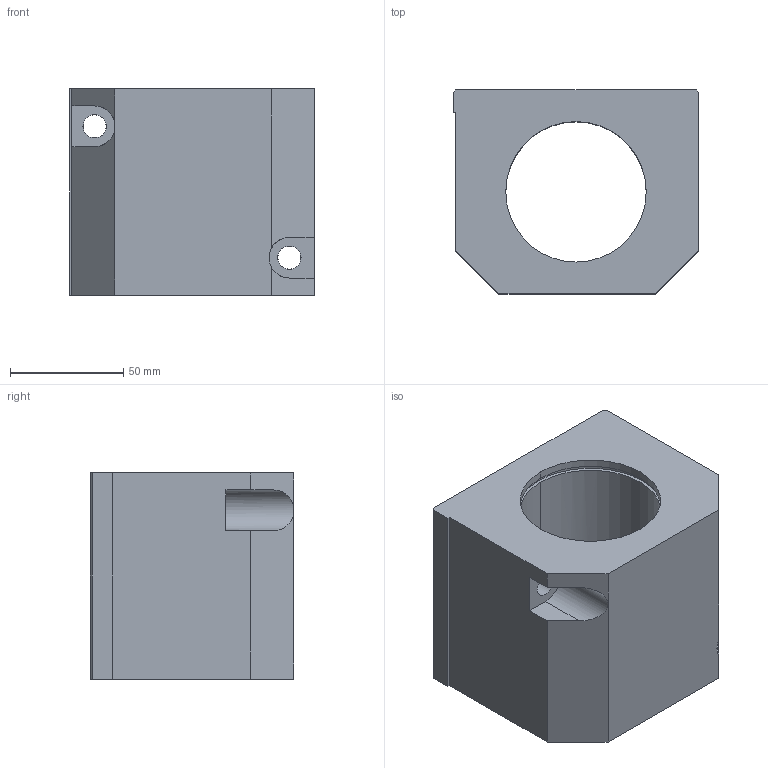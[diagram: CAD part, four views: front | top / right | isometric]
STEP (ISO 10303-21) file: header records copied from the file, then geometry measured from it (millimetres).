
FILE_DESCRIPTION( ( '' ), '1' );
FILE_NAME( 'ag_40_2_03.stp', '2008-04-10T05:06:27', ( '' ), ( '' ), ' ', ' ', ' ' );
FILE_SCHEMA( ( 'CONFIG_CONTROL_DESIGN' ) );
Length unit declared in the file: millimetre
Products named in the file (1): 1
Bounding box: 108 x 90 x 91 mm (x, y, z)
Volume: 544767.6 mm3; surface area: 71070.5 mm2
Topology: 1 solids, 1 shells, 57 faces, 137 edges, 89 vertices
Faces by surface type: plane 27, cylinder 24, cone 6
Entity records: 1776 total; most frequent: CARTESIAN_POINT 334, DIRECTION 306, ORIENTED_EDGE 274, EDGE_CURVE 137, AXIS2_PLACEMENT_3D 113, VERTEX_POINT 89, LINE 80, VECTOR 80

+++++

## Required action
Find the line containing "STEP (ISO 10303-21)" in the data above. Please transcribe it and every line after it, exactly.

## Answer
STEP (ISO 10303-21) file: header records copied from the file, then geometry measured from it (millimetres).
FILE_DESCRIPTION( ( '' ), '1' );
FILE_NAME( 'ag_40_2_03.stp', '2008-04-10T05:06:27', ( '' ), ( '' ), ' ', ' ', ' ' );
FILE_SCHEMA( ( 'CONFIG_CONTROL_DESIGN' ) );
Length unit declared in the file: millimetre
Products named in the file (1): 1
Bounding box: 108 x 90 x 91 mm (x, y, z)
Volume: 544767.6 mm3; surface area: 71070.5 mm2
Topology: 1 solids, 1 shells, 57 faces, 137 edges, 89 vertices
Faces by surface type: plane 27, cylinder 24, cone 6
Entity records: 1776 total; most frequent: CARTESIAN_POINT 334, DIRECTION 306, ORIENTED_EDGE 274, EDGE_CURVE 137, AXIS2_PLACEMENT_3D 113, VERTEX_POINT 89, LINE 80, VECTOR 80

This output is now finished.